Logo Header Antaranews Jogja

Pembukaan Perparnas akan dihadiri Wapres

Jumat, 28 September 2012 12:44 WIB
Image Print
ilustrasi atlet peparnas (antarariau.com)

Pekanbaru (ANTARA Jogja) - Acara puncak pembukaan penyelenggaraan Pekan Paralympic Nasional (Peparnas) XIV 2012 Riau rencananya akan dihadiri langsung oleh Wakil Presiden RI Boediono di Pekanbaru pada 7 Oktober.

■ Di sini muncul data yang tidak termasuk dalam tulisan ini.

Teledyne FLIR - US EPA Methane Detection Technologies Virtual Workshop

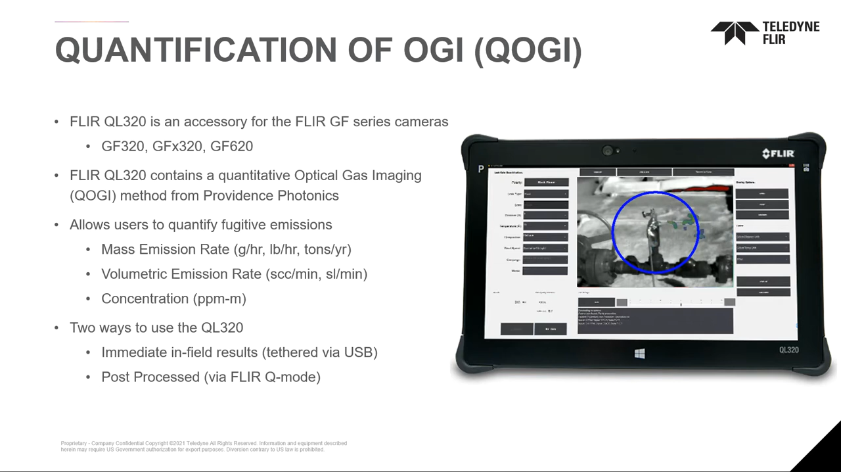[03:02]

"Kalau tidak ada halangan, pembukaan Peparnas yang rencana sebelumnya akan dilakukan oleh Menteri Pemuda dan Olahraga (Menpora) Andi Malarangeng, justru akan dihadiri Wapres. Mudah-mudahan hal yang diharapkan ini terlaksana," kata Ketua Umum Panitia Besar (PB) Peparnas Emrizal Pakis di Pekanbaru pada Jumat.

Ia menjelaskan, acara puncak pembukaan Peparnas 2012 menurut rencananya akan dilaksanakan di Stadion Kaharuddin Nasution, Kecamatan Rumbai, Pekanbaru.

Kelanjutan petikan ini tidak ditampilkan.